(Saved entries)
____

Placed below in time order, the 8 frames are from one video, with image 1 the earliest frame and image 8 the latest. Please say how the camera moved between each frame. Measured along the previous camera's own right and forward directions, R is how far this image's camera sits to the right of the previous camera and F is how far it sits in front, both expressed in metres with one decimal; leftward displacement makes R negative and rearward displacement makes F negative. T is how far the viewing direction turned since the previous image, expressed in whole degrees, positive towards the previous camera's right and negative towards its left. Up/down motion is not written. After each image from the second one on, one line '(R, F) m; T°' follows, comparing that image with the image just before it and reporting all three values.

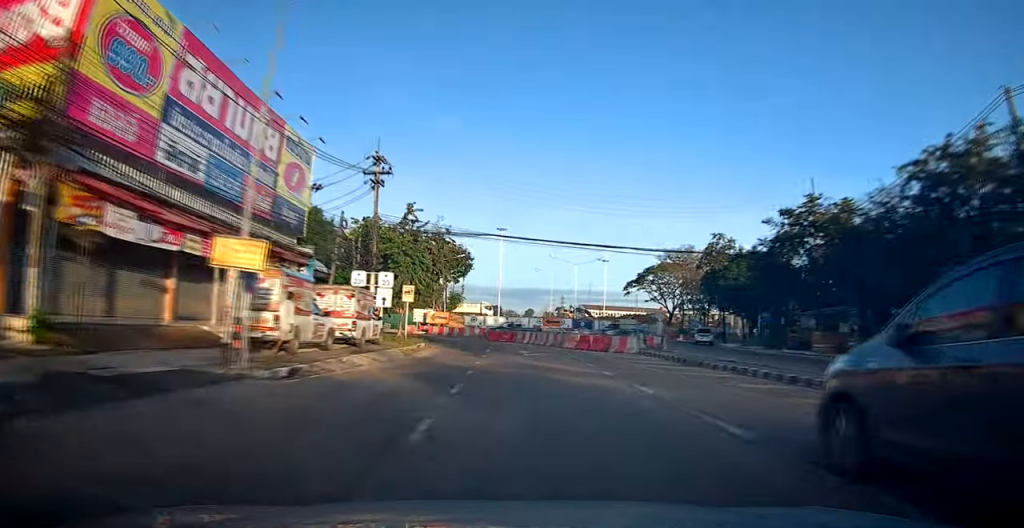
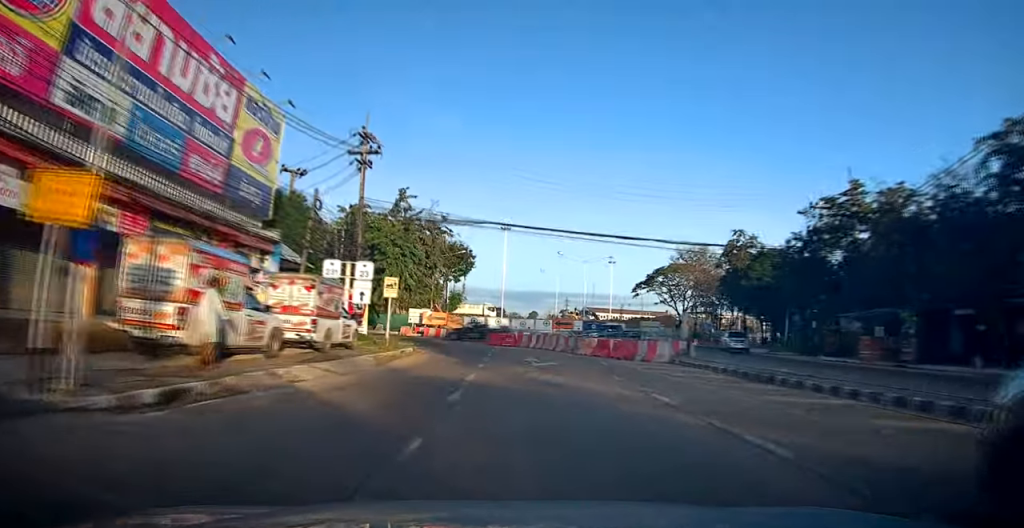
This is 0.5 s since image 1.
(0.0, +4.7) m; 0°
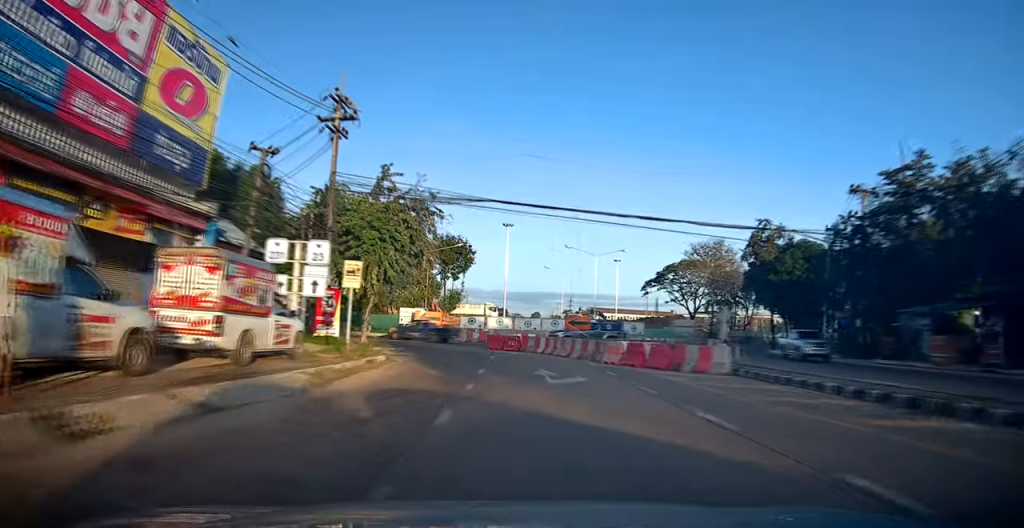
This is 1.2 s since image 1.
(0.0, +5.7) m; 0°
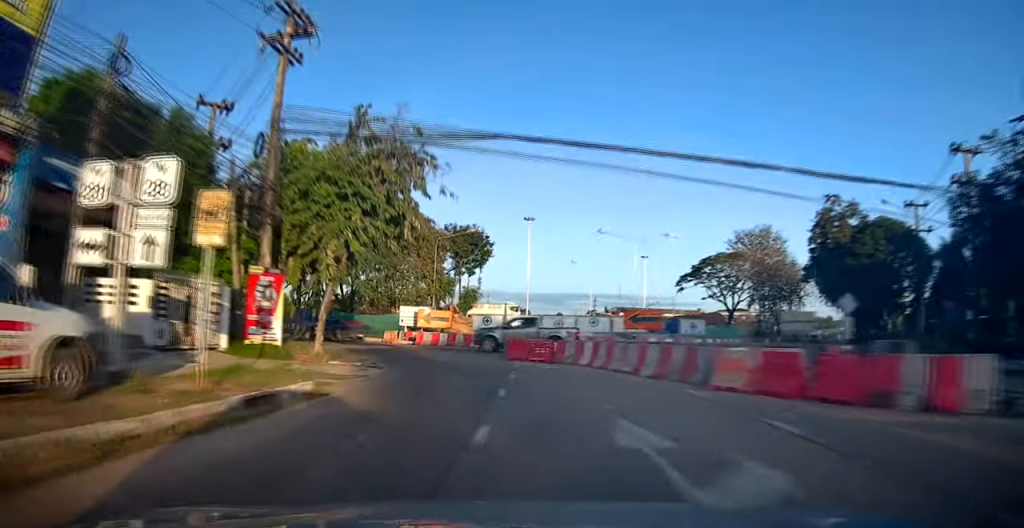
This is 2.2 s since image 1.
(0.0, +9.1) m; -4°
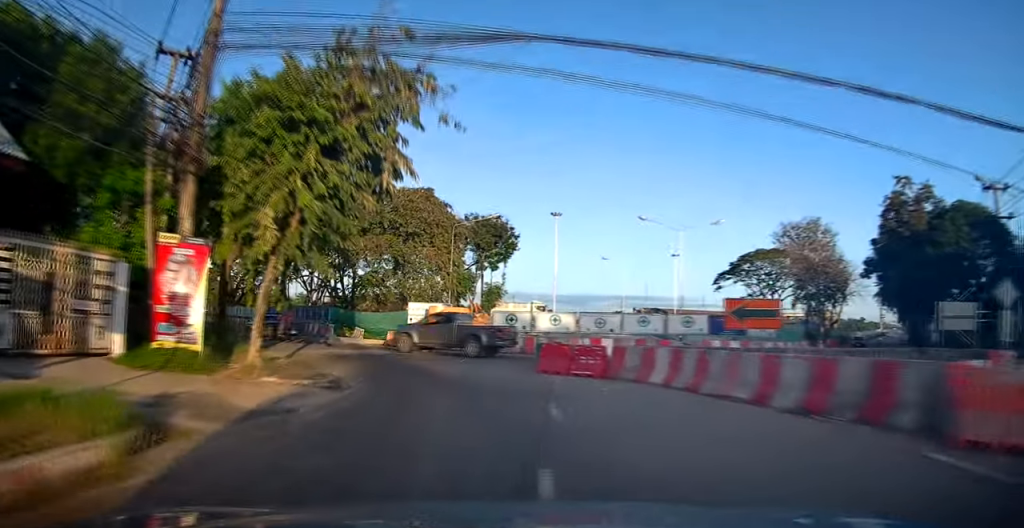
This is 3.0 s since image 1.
(-0.3, +6.2) m; -5°
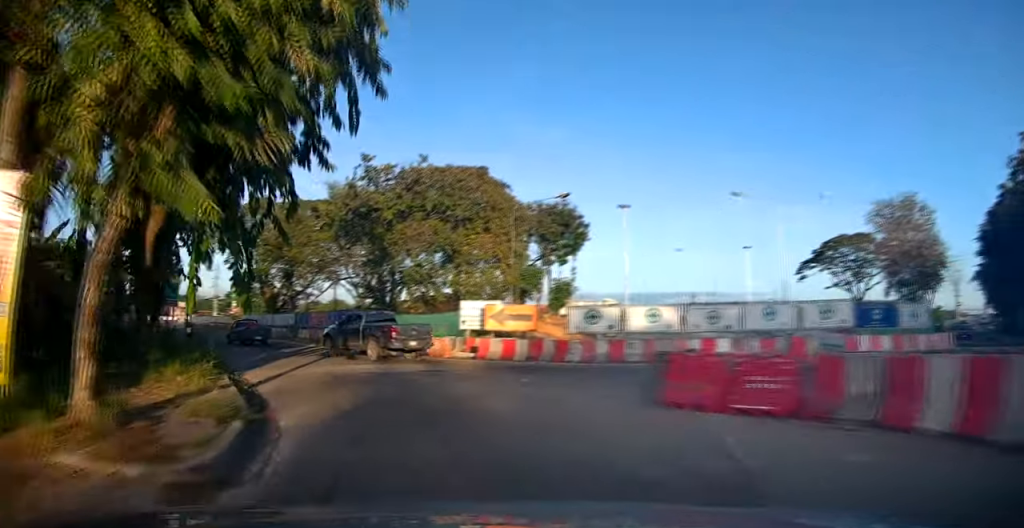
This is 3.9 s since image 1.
(-0.5, +7.1) m; -6°
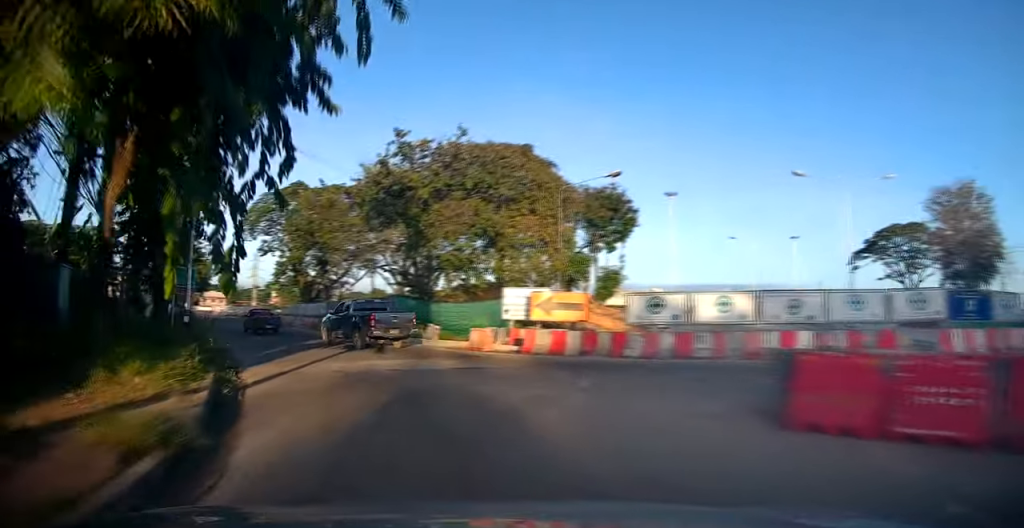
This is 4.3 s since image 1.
(-0.1, +2.8) m; -2°
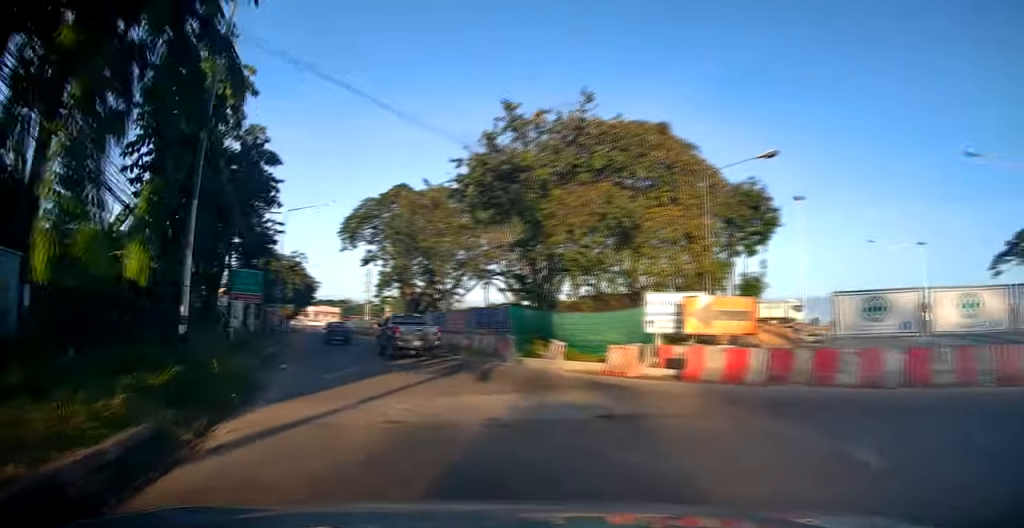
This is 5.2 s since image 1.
(-0.1, +5.8) m; -8°

____

Assignment: Please repeat exactly the lines from the one containing "This is 2.2 s since image 1." through the end of the entries, both included, omitting pictures.

Solved exercise:
This is 2.2 s since image 1.
(0.0, +9.1) m; -4°
This is 3.0 s since image 1.
(-0.3, +6.2) m; -5°
This is 3.9 s since image 1.
(-0.5, +7.1) m; -6°
This is 4.3 s since image 1.
(-0.1, +2.8) m; -2°
This is 5.2 s since image 1.
(-0.1, +5.8) m; -8°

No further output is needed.